Si les constituants ont retenu ce mode de désignation des membres des instances indépendantes, c’est qu’ils étaient conscients de l’importance de leur rôle et du pouvoir qui leur a été dévolu, ils ont donc tenu à ce qu’elles bénéficient d’une légitimité électorale, même indirecte, par le biais d’élection par les représentants du peuple.
Mais les constituants ont prévu d’un autre côté que l’élection des membres de ces instances se fasse à une majorité des deux tiers, soit à 145 voix au moins sur un total de 217 membres que compte le parlement.
Ce choix vient du souci de soustraire ces instances à la mainmise d’un seul parti politique ou même à la mainmise de la majorité qui gouverne et de permettre ainsi au plus grand nombre d’acteurs politiques représentés au parlement de prendre part à la désignation des membres d’institutions aussi importantes pour la pérennisation et le renforcement de la démocratie.
Jusqu’au jour d’aujourd’hui rien dans notre Parlement n’a encore été entrepris pour l’organisation de l’élection des membres des quatre instances restantes.
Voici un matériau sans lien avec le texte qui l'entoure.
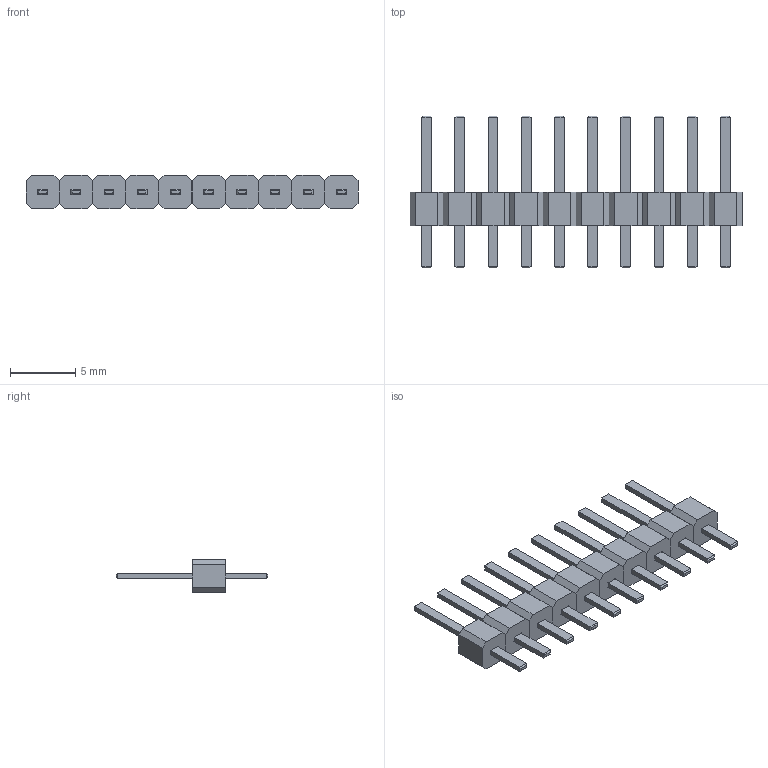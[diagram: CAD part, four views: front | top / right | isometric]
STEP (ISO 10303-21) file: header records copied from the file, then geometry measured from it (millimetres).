
FILE_DESCRIPTION(/* description */ (''),/* implementation_level */ '2;1');
FILE_NAME(/* name */ '1x10.stp',/* time_stamp */ '2014-07-19T19:41:44-04:00',/* author */ ('Admin'),/* organization */ (''),/* preprocessor_version */ 'ST-DEVELOPER v15.6',/* originating_system */ 'Autodesk Inventor 2015',/* authorisation */ '');
FILE_SCHEMA (('AUTOMOTIVE_DESIGN { 1 0 10303 214 3 1 1 }'));
Length unit declared in the file: millimetre
Products named in the file (4): Holder; Pin; 1x1; 1x10
Bounding box: 25.4 x 11.61 x 2.54 mm (x, y, z)
Volume: 183.6 mm3; surface area: 684.5 mm2
Topology: 20 solids, 20 shells, 280 faces, 640 edges, 400 vertices
Faces by surface type: plane 280
Entity records: 932 total; most frequent: DIRECTION 152, CARTESIAN_POINT 148, ORIENTED_EDGE 128, LINE 64, VECTOR 64, EDGE_CURVE 64, AXIS2_PLACEMENT_3D 44, VERTEX_POINT 40
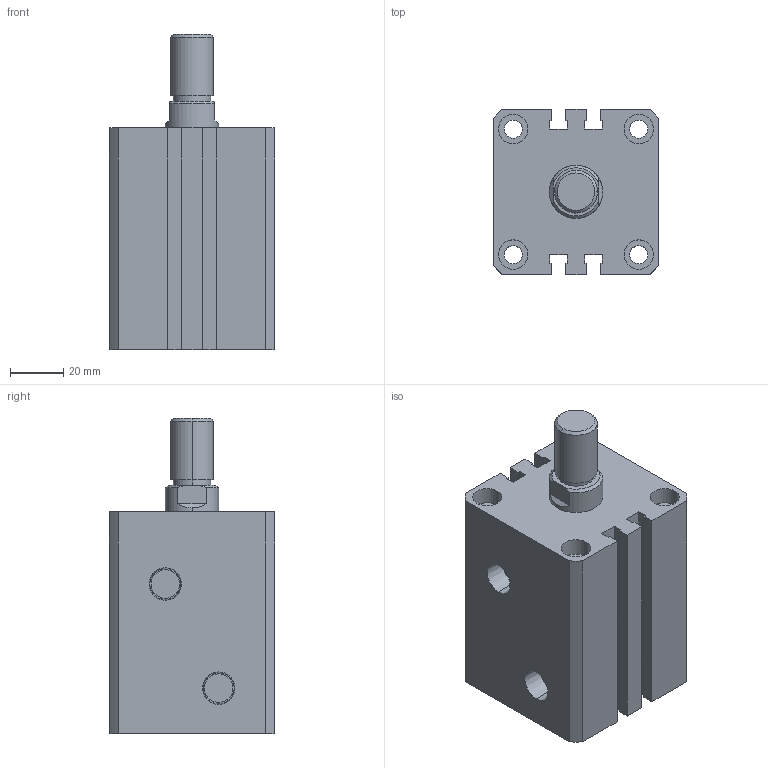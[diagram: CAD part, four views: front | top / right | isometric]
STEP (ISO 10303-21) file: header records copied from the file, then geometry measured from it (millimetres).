
FILE_DESCRIPTION (( 'STEP AP203' ), '1' );
FILE_NAME ('HTM-SD32-10W.STEP', '2019-10-10T03:53:57', ( '微软用户' ), ( '微软中国' ), 'SwSTEP 2.0', 'SolidWorks 2012', '' );
FILE_SCHEMA (( 'CONFIG_CONTROL_DESIGN' ));
Length unit declared in the file: millimetre
Products named in the file (3): HTM-SD32-10W; HTM-SD32-10W活塞杆; HTM-SD32-10掛极
Assembly tree (2 placements, depth 2):
  HTM-SD32-10W
    HTM-SD32-10掛极
    HTM-SD32-10W活塞杆
Bounding box: 62 x 62 x 118 mm (x, y, z)
Volume: 288243.9 mm3; surface area: 57431.7 mm2
Topology: 2 solids, 2 shells, 119 faces, 286 edges, 188 vertices
Faces by surface type: plane 61, cylinder 44, cone 8, torus 6
Entity records: 3813 total; most frequent: DIRECTION 638, CARTESIAN_POINT 622, ORIENTED_EDGE 572, EDGE_CURVE 286, AXIS2_PLACEMENT_3D 236, VERTEX_POINT 188, LINE 166, VECTOR 166
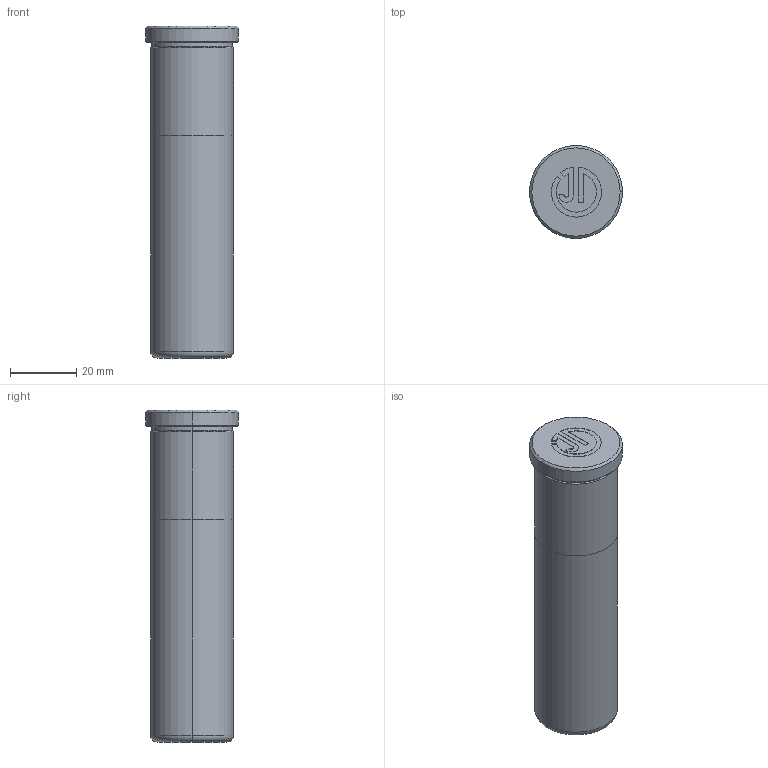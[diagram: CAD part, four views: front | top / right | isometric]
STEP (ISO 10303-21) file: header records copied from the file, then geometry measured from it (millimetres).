
FILE_DESCRIPTION (( 'STEP AP214' ), '1' );
FILE_NAME ('SGPH-D25-100.step', '2021-07-28T08:30:59', ( 'User' ), ( 'china' ), 'SwSTEP 2.0', 'SolidWorks 2016', '' );
FILE_SCHEMA (( 'AUTOMOTIVE_DESIGN' ));
Length unit declared in the file: millimetre
Products named in the file (1): SGPH-D25-100
Bounding box: 28 x 28 x 100 mm (x, y, z)
Volume: 49517.7 mm3; surface area: 9120.6 mm2
Topology: 1 solids, 1 shells, 52 faces, 118 edges, 73 vertices
Faces by surface type: cylinder 20, plane 16, cone 12, torus 4
Entity records: 1490 total; most frequent: DIRECTION 282, CARTESIAN_POINT 242, ORIENTED_EDGE 232, EDGE_CURVE 116, AXIS2_PLACEMENT_3D 113, VERTEX_POINT 73, CIRCLE 60, EDGE_LOOP 59
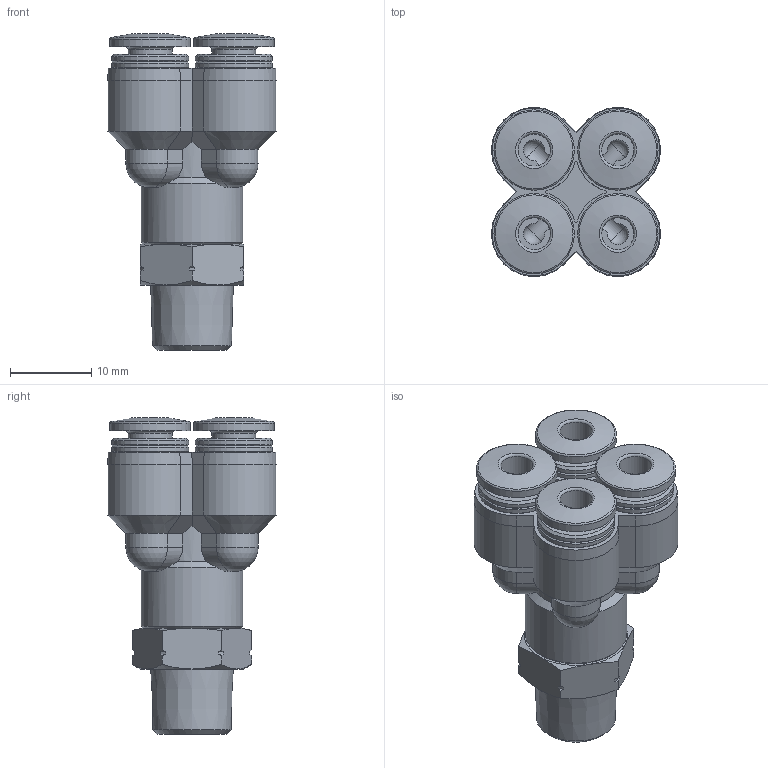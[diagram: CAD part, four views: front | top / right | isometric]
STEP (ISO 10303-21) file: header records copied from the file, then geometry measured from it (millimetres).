
FILE_DESCRIPTION(/* description */ ('STEP AP214'),/* implementation_level */ '2;1');
FILE_NAME(/* name */ '153810_QSQ-1_8-5_32-U',/* time_stamp */ '2024-09-14T15:19:51+02:00',/* author */ ('License CC BY-ND 4.0'),/* organization */ ('CADENAS'),/* preprocessor_version */ 'ST-DEVELOPER v19.3',/* originating_system */ 'PARTsolutions',/* authorisation */ ' ');
FILE_SCHEMA (('AUTOMOTIVE_DESIGN {1 0 10303 214 3 1 1}'));
Length unit declared in the file: millimetre
Products named in the file (1): 153810 QSQ-1/8-5/32-U
Bounding box: 20.76 x 20.76 x 38.9 mm (x, y, z)
Volume: 6228.8 mm3; surface area: 4658.3 mm2
Topology: 1 solids, 1 shells, 197 faces, 472 edges, 278 vertices
Faces by surface type: cylinder 61, cone 60, plane 56, torus 12, sphere 8
Full cylindrical faces by diameter (mm): 2.6 x5, 3.969 x4, 5.4 x4, 5.878 x1, 9.5 x8, 9.9 x4, 12.5 x1
Entity records: 6628 total; most frequent: CARTESIAN_POINT 1069, DIRECTION 890, ORIENTED_EDGE 770, EDGE_CURVE 385, AXIS2_PLACEMENT_3D 379, EDGE_LOOP 277, FACE_BOUND 277, VERTEX_POINT 262

Mais plus grave encore, les deux crises qu’a connues l’ISIE, cet arbitre des élections et le garant de leur caractère démocratique, et qui se sont manifestées par la démission successive de ses deux présidents ainsi que par le blocage du processus de renouvellement du tiers de ses membres, dénotent une volonté de la part des députés de faire de la procédure d’élection des membres de cette instance un moyen de pression pour limiter son indépendance alors que nous sommes au seuil d’élections nationales.
Il n’en demeure pas moins que même si la Constitution de 2014 est loin d’être parfaite, elle contient des mécanismes propres à la mise en place d’une démocratie.
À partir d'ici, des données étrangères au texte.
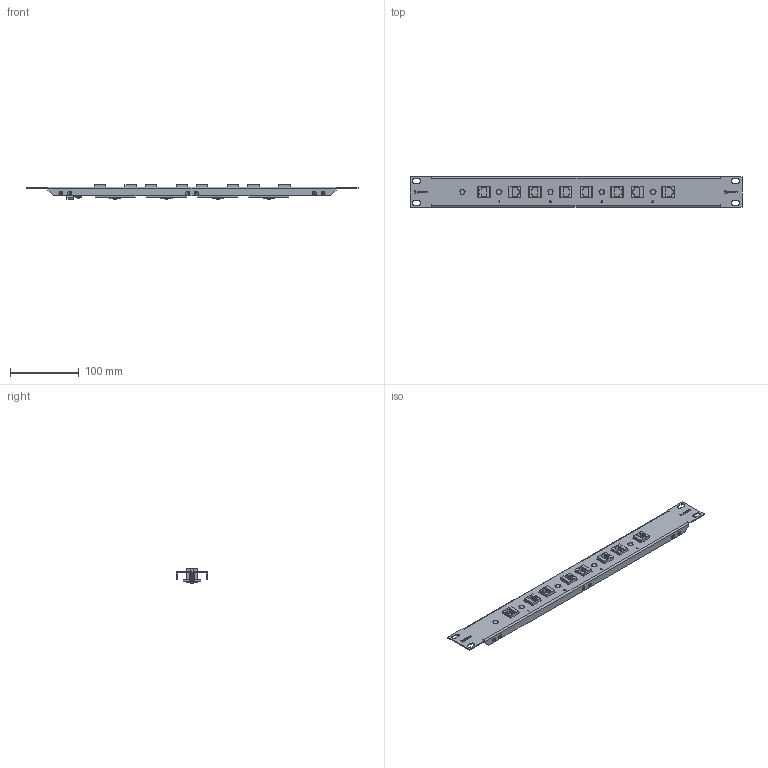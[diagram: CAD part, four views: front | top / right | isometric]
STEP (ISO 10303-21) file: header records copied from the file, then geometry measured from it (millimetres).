
FILE_DESCRIPTION (( 'STEP AP214' ), '1' );
FILE_NAME ('RMSP-CAT5S-4.STEP', '2014-05-21T18:12:19', ( 'L-Com' ), ( 'L-Com Global Connectivity' ), 'SwSTEP 2.0', 'SolidWorks 2014', '' );
FILE_SCHEMA (( 'AUTOMOTIVE_DESIGN' ));
Length unit declared in the file: inch
Products named in the file (8): 1AJ02-063; 1AJ03-012; XCT-0012; 1AP15-007; RMSP-CAT5S-4; 1AW03-020_With Actual Text; BSO-832-16; HYP284 Rev-1
Assembly tree (22 placements, depth 2):
  RMSP-CAT5S-4
    1AP15-007
    XCT-0012
    1AJ03-012  x5
    1AJ02-063  x5
    HYP284 Rev-1  x4
    BSO-832-16  x5
    1AW03-020_With Actual Text
Bounding box: 482.6 x 43.94 x 21.51 mm (x, y, z)
Volume: 80030.2 mm3; surface area: 91125 mm2
Topology: 22 solids, 22 shells, 2746 faces, 6997 edges, 4521 vertices
Faces by surface type: plane 1508, bspline 493, cone 346, cylinder 326, torus 69, sphere 4
Entity records: 93088 total; most frequent: CARTESIAN_POINT 33389, ORIENTED_EDGE 9274, DIRECTION 6635, EDGE_CURVE 4637, LINE 3213, VECTOR 3213, VERTEX_POINT 3045, EDGE_LOOP 1984
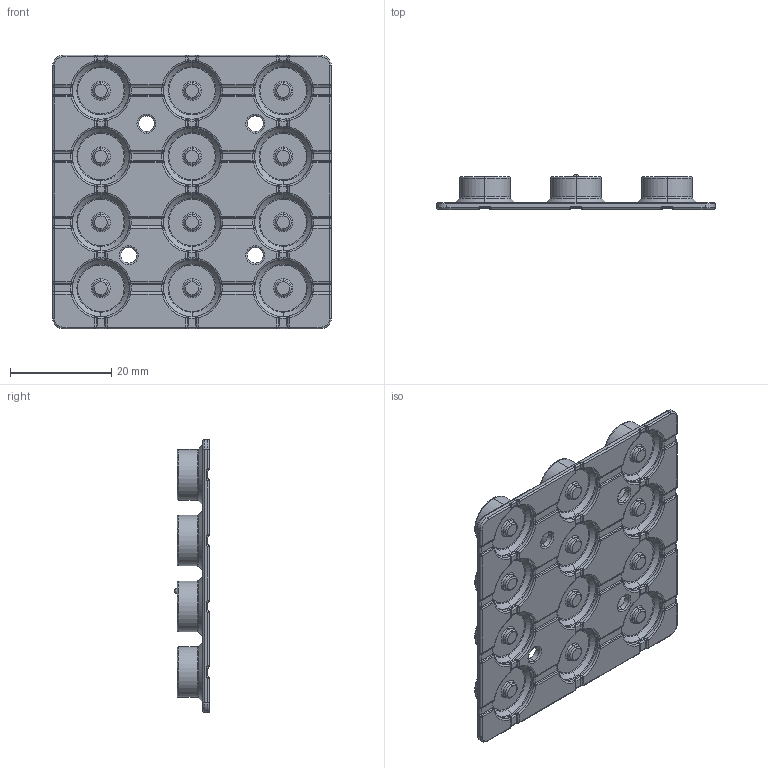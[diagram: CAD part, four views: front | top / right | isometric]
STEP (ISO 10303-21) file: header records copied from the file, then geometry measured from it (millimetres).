
FILE_DESCRIPTION (( 'STEP AP214' ), '1' );
FILE_NAME ('2282 - 005 - KEYBOARD SLEEVE - V02 - 20241219.STEP', '2024-12-19T12:18:13', ( '' ), ( '' ), 'SwSTEP 2.0', 'SolidWorks 2022', '' );
FILE_SCHEMA (( 'AUTOMOTIVE_DESIGN' ));
Length unit declared in the file: millimetre
Products named in the file (1): 2282 - 005 - KEYBOARD SLEEVE - V02 - 20241219
Bounding box: 54.98 x 6.9 x 53.98 mm (x, y, z)
Volume: 6590 mm3; surface area: 8429.8 mm2
Topology: 1 solids, 1 shells, 1081 faces, 2529 edges, 1481 vertices
Faces by surface type: torus 391, cylinder 216, sphere 126, bspline 124, plane 116, cone 108
Entity records: 33659 total; most frequent: CARTESIAN_POINT 8974, DIRECTION 5745, ORIENTED_EDGE 5018, AXIS2_PLACEMENT_3D 2616, EDGE_CURVE 2509, CIRCLE 1658, VERTEX_POINT 1479, EDGE_LOOP 1138
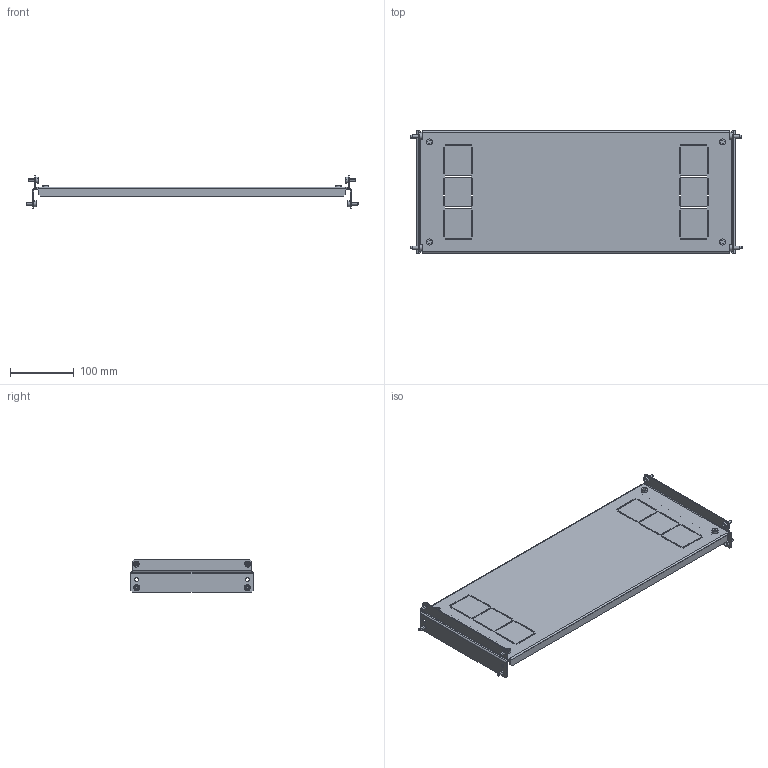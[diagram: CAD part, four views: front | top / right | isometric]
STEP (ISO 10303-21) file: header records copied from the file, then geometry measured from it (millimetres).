
FILE_DESCRIPTION (( 'STEP AP203' ), '1' );
FILE_NAME ('Ïàíåëü ìîíòàæíàÿ ñåêöèîííàÿ Â200 Ø600 EKF AleSta.STEP', '2025-10-03T10:27:26', ( '' ), ( '' ), 'SwSTEP 2.0', 'SolidWorks 2021', '' );
FILE_SCHEMA (( 'CONFIG_CONTROL_DESIGN' ));
Length unit declared in the file: millimetre
Products named in the file (4): Ïàíåëü ìîíòàæíàÿ ñåêöèîííàÿ Â200 Ø600 EKF AleSta; Âèíò_ðåçüáîâûäàâëèâàþùèé_Ì5õ12_DIN 7500E_Œ5å12; MA1.700.000030.01.02 Óãîëîê äëÿ ìîíòàæíîé ïàíåëè Â300_‚200; MA1.700.060003.01.01 Ìîíòàæíàÿ ïàíåëü Â300 Ø600 ãëóõàÿ EKF AleSta_‚200˜600
Assembly tree (15 placements, depth 2):
  Ïàíåëü ìîíòàæíàÿ ñåêöèîííàÿ Â200 Ø600 EKF AleSta
    MA1.700.060003.01.01 Ìîíòàæíàÿ ïàíåëü Â300 Ø600 ãëóõàÿ EKF AleSta_‚200˜600
    Âèíò_ðåçüáîâûäàâëèâàþùèé_Ì5õ12_DIN 7500E_Œ5å12  x12
    MA1.700.000030.01.02 Óãîëîê äëÿ ìîíòàæíîé ïàíåëè Â300_‚200  x2
Bounding box: 521 x 192 x 51.5 mm (x, y, z)
Volume: 202284.5 mm3; surface area: 275707 mm2
Topology: 15 solids, 15 shells, 418 faces, 1020 edges, 656 vertices
Faces by surface type: plane 290, cylinder 104, cone 24
Entity records: 7334 total; most frequent: CARTESIAN_POINT 1142, ORIENTED_EDGE 1116, DIRECTION 1104, EDGE_CURVE 558, LINE 464, VECTOR 464, VERTEX_POINT 358, AXIS2_PLACEMENT_3D 320

En dernière analyse, ne pensez-vous pas que la Constitution, telle qu’elle est aujourd’hui, soit malgré tout un frein pour la démocratie?
Si une menace sérieuse pèse aujourd’hui sur notre démocratie naissante, cela ne tient pas aux faiblesses du montage institutionnel mais à l’attitude des acteurs politiques face à leurs responsabilités, à leurs pouvoirs et aux limites que leur a posées cette même Constitution. Même le conflit entre les deux têtes de l’exécutif, issues de la même famille politique, faut-il le rappeler, qui a atteint depuis quelques semaines des dimensions inédites, n’est pas dû à proprement parler à la répartition maladroite des compétences entre le président de la République et le chef du gouvernement, mais au refus du premier de s’en tenir au statut que la Constitution lui confère et au détournement fait par le second de la nature des rapports qui le lient au Parlement. Etant entendu qu’il ne lui revient pas de modifier en cours de route la nature et la composition de la coalition qui le soutient, mais il appartient à une majorité parlementaire préconstituée et issue du suffrage de lui accorder sa confiance afin qu’il accède au pouvoir et s’y maintienne.
La jeune Constitution tunisienne n’a pas encore déployé tout son potentiel, sa mise en application est encore loin d’être achevée. Il est peut-être encore tôt de parler de sa révision et rien ne garantit qu’avec la classe politique actuelle on puisse aboutir à un texte constitutionnel mieux construit. Et même si cela était possible, rien ne garantirait que ces mêmes acteurs politiques soient disposés à s’y conformer.